In any year that the CPI decreases below zero – as is the case in New Brunswick and Nova Scotia –our expectation is that the current base wage would be retained and there would be no downward adjustment based. The base wage would then increase again as the CPI exceeded the past high-water mark. And while it should never be expected to roll back minimum wage should CPI be negative; it should be equally so that businesses don’t bare the brunt of minimum wage that far exceed the 2% target set by the Bank of Canada. In this unusual situation, as we experienced in the past 2 years where CPI exceeded the Bank of Canada’s target by more than double, the provincial government should provide a relief mechanism that allows businesses, in particular small businesses, an ability to absorb that unexpected cost of doing business.
COVID-19 has crippled many industries and small businesses. Many businesses have had to take on massive loans to remain afloat during the pandemic. To ensure that there is equity, there needs to be a mechanism allowing certain businesses that simply cannot afford to provide raises the ability to opt-out.
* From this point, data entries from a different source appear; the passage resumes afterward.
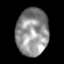
Tissue: skin
Cell type: Epithelial cells
Senescence score: 0.1205
Nuclear area (px): 1497
Mean DAPI intensity: 144.011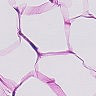
Metastatic tissue present: no

This would ensure that the business’ bottom line is not further eroded.
THE CHAMBER RECOMMENDS
That the Provincial Government:
- Introduce legislation to index future minimum wage increases to the Consumer Price Index (CPI), unless CPI decreases below zero, that incorporate the following parameters:
- any minimum wage increases be tied to the CPI level indicated in the month before it is announced;
- any minimum wage increases need to be announced with at least 6 months lead time before it goes into effect, like the Province of Ontario
[1] Fair Wages Commission’s (FWC) first report, “The Transition to a $15 Minimum Wage and Subsequent Increases,” January 2018: https://engage.gov.BC.ca/fairwagescommission/
[2] The additional $0.20 is optional. The recommendation of the FWC is to consider the increase no less than 6 months in advance. If the economy is doing well, then add $0.15 to $0.20; if not, then keep to the $15.00.
[3] The additional $0.20 is optional. The recommendation of the FWC is to consider the increase no less than 6 months in advance. If the economy is doing well, then add $0.15 to $0.20; if not, then keep to the $15.00.
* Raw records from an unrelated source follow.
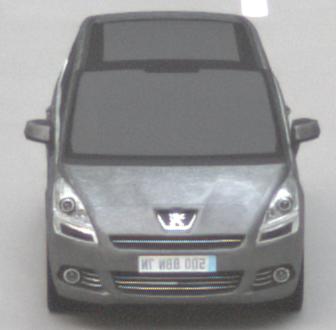
Make: Peugeot
Model: 5008 120 VTi
Detailed model: 5008 (I) Van
Model produced from: 2009/10
Model produced until: 2011/07
Doors: 5
Color: gray
Road condition: dry road
Daytime: sunrise or sunset
Contrast: medium contrast

[4] Table 1 – Minimum wage increases and unemployment rates in B.C.: 2000-2017, p.8, also support the FWC’s conclusion.
[5] Your Guide to the Consumer Price Index, Statistics Canada, 1996 (not updated since), p.1 www.statcan.gc.ca/pub/62-557-x/4194961-eng.pdf
[6] CPI by province, https://www.statcan.gc.ca/tables-tableaux/sum-som/l01/cst01/econ09a-eng.htm
[7] Battle, Ken. Canada Social Report: Minimum Wage Rates in Canada: 1965-2015, September 2015, www.canadasocialreport.ca/MinimumWages/2015.pdf
[8] Retail Council of Canada, Minimum Hourly Wage Rates as of October 1, 2020 https://www.retailcouncil.org/resources/quick-facts/minimum-wage-by-province/
[9] The minimum wage in Nunavut is adjusted annually.
[10] Minimum wages are specialized https://www.ontario.ca/document/your-guide-employment-standards-act-0/minimum-wage#section-0
[11] Quebec’s minimum wages for employees receiving tips is $10.45 an hour https://www.cnt.gouv.qc.ca/en/wages-pay-and-work/wages
[12] The minimum wage in Manitoba is adjusted annually on October 1 based on the Inflation Rate.
[13] The minimum wage in Newfoundland & Labrador will return to being adjusted annually on April 1 relative to the Consumer Price Index.